Co-authored by Gregory Johnson

An investment company’s representation that certain energy bonds were backed by the State of Georgia—when they were in fact guarantied by Lehman Brothers Holdings, Inc.—could subject the firm to liability for securities fraud.

Investor Paul Prager contacted FMS Bonds, Inc. in April 2008 to pursue conservative investment opportunities. An FMS advisor recommended that he purchase a recent issue of natural gas bonds, which the advisor described as municipal bonds that were backed by the State of Georgia. The bonds were actually guarantied by Lehman, however, and Mr. Prager lost $112,000 of his $200,000 investment after the investment bank filed for bankruptcy.

Mr. Prager sued FMS for violations of Securities and Exchange Commission Rule 10b-5 and the Securities Exchange Act of 1934. FMS sought dismissal of the securities claims, arguing that Mr. Prager had not alleged particularized facts about how FMS had misled the plaintiff or about Mr. Prager’s reliance on the misstatements. The U.S. District Court for the Southern District of Florida rejected these arguments, holding that the allegation that FMS described the bonds as “safe” investments backed by Georgia provided sufficient details about FMS’s alleged deception and about the factual assertions that Mr. Prager relied upon. (Prager v. FMS Bonds, Inc., 2010 WL 2950065 (S.D. Fla. July 26, 2010))

Manager's Investment in LLC Not an Investment Contract

Co-authored by Gregory Johnson

The managing partner of a mining venture cannot pursue federal securities claims against his estranged partners because he exerted substantial control over the enterprise.

Marc Nunez formed Sand Specialties and Aggregates, LLC (SSA) with five other partners, four of whom promised to commit $800,000 to the project. Mr. Nunez oversaw certain financial operations of SSA while an operational partner, who was not an investor, handled SSA’s mining activities. When the other four investors failed to contribute their share of the funds, disclosed that they could not fulfill this obligation, and began to utilize SSA property for their own benefit, Mr. Nunez sued them and SSA for securities fraud under the Securities Exchange Act of 1934.

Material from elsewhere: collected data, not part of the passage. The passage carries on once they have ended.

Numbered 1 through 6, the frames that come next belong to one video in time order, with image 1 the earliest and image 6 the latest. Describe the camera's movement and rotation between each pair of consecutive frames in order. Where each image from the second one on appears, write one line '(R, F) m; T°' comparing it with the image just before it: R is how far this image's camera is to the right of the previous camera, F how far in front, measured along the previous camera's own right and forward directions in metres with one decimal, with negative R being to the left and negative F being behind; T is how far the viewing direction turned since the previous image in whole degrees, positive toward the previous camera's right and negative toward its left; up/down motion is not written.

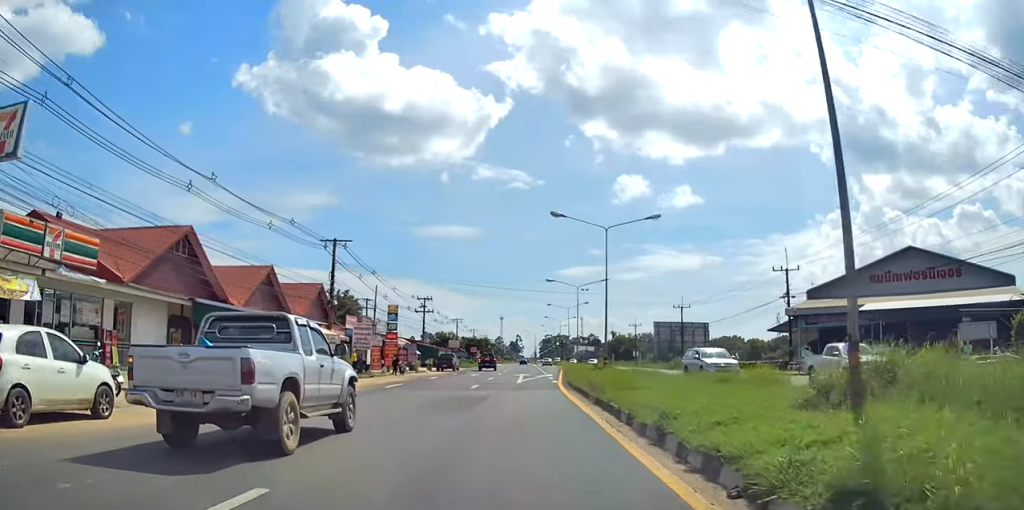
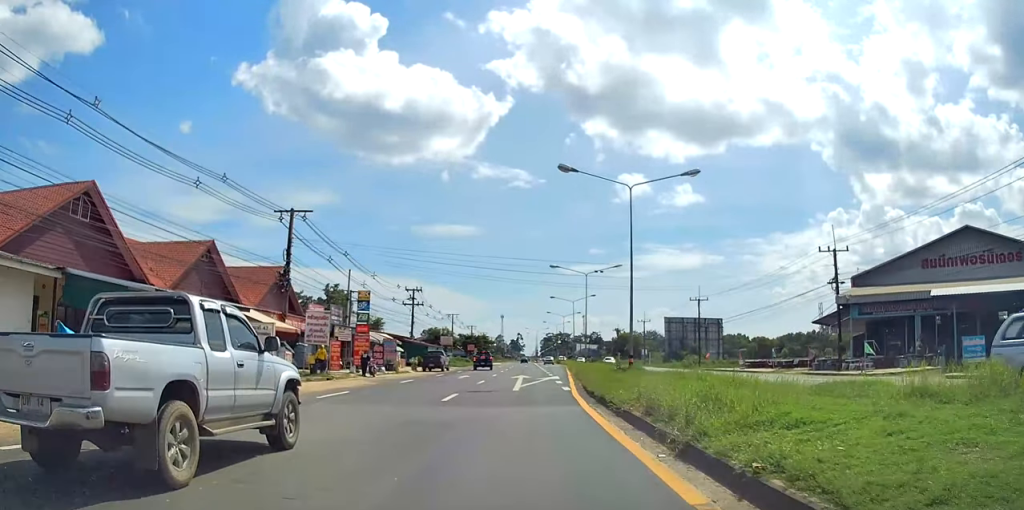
(0.0, +9.0) m; +1°
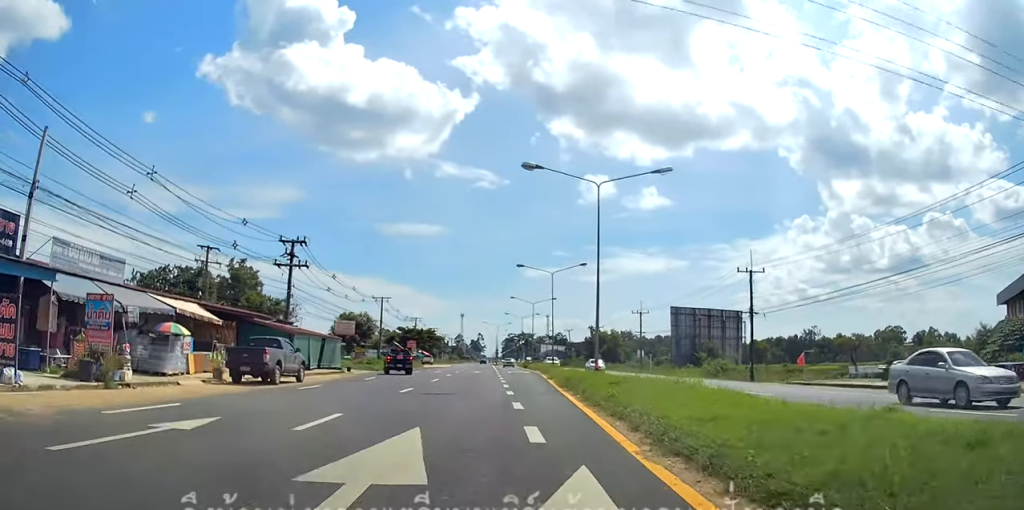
(+1.1, +31.4) m; +4°
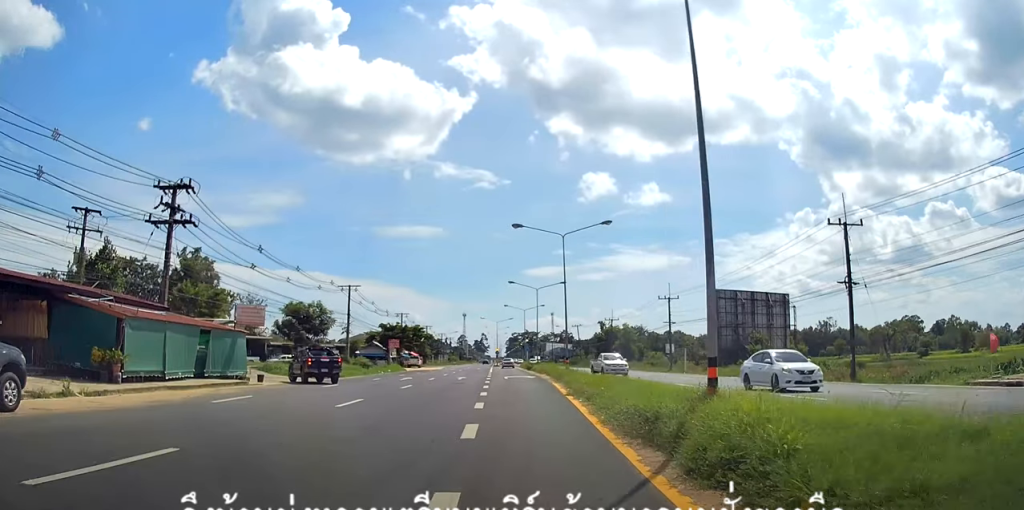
(-0.1, +16.7) m; -1°
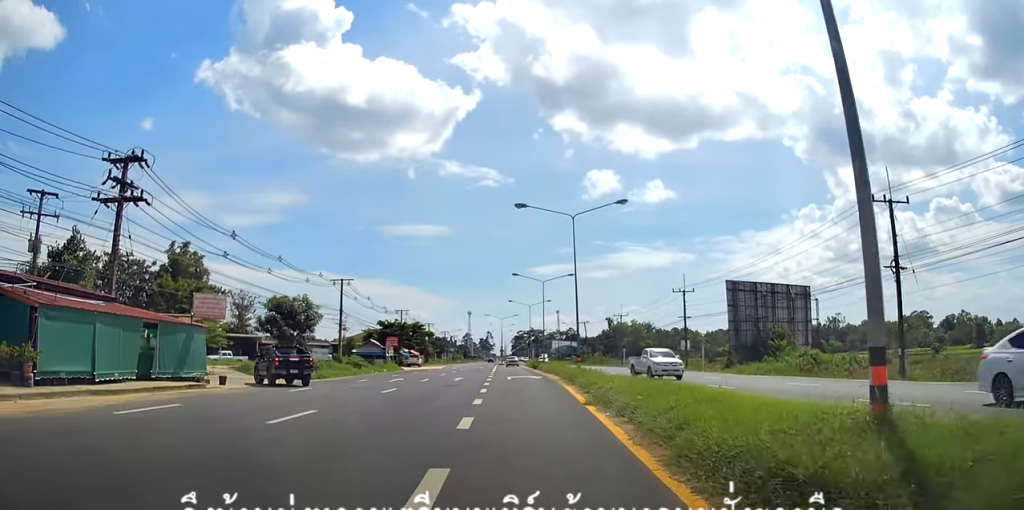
(-0.2, +4.9) m; +1°
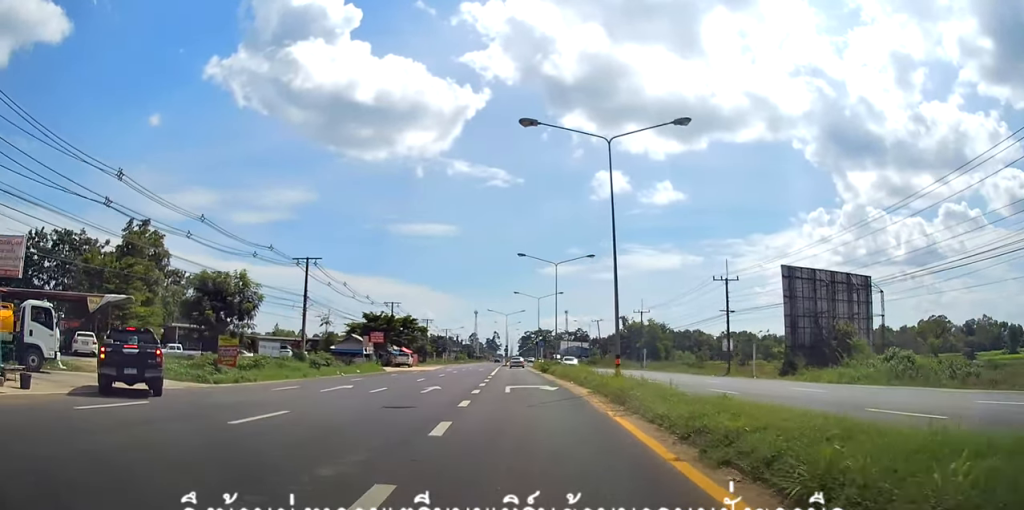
(+0.4, +12.5) m; +1°

The defendants sought dismissal of the securities claim, arguing that Mr. Nunez’s financial contribution to SSA could not be considered an investment contract because he exercised substantial control over the business. Mr. Nunez contended that he was induced into purchasing an interest in SSA by promises of like contribution, and that his reliance on the expertise of the operational partner showed that he qualified as a passive investor under the Exchange Act. The U.S. District Court for the Eastern District of Louisiana ruled that Mr. Nunez’s control over SSA’s finances ensured that he could protect his financial interests in the company, thus his contribution could not be considered an investment contract under federal law. (Nunez v. Robin, 2010 WL 3021618 (E.D. La. July 29, 2010))

Federal Reserve Implements Gift Card Rule

The Federal Reserve Board on July 11 announced its approval of an interim final rule implementing recent legislation modifying the effective date of certain disclosure requirements applicable to gift cards under the Credit Card Accountability Responsibility and Disclosure Act of 2009. For gift certificates, store gift cards, and general-use prepaid cards produced prior to April 1, the legislation and interim final rule delay the August 22 effective date of these disclosures until January 31, 2011, provided that several conditions are met. While the Gift Card Amendment delays the effective date for certain disclosure requirements set forth in the Credit Card Act, the Gift Card Amendment does not address the status of additional requirements adopted in the Board’s final gift card rule. As a result, persons seeking to take advantage of the relief afforded by the Gift Card Amendment may be unable to do so if certain of these additional provisions were to apply after August 22. For example, Section 205.20(e)(1) prohibits any person from selling or issuing a certificate or card unless the consumer has had a reasonable opportunity to purchase a certificate or card with at least five years remaining until the certificate or card expiration date. Thus, a card produced prior to April 1 that has a card expiration date of less than five years could not be sold under the final gift card rule, notwithstanding the provisions of the Gift Card Amendment. Therefore, in order to carry out the intended purpose of the Gift Card Amendment, this interim final rule also delays the effective date of certain of these supplemental requirements. This interim final rule revises Sections 205.20(c) and (g) of the final gift card rule (“Form of Disclosures” and “Compliance Dates,” respectively) and adds a new Section 205.20(h) (“Temporary Exemption”).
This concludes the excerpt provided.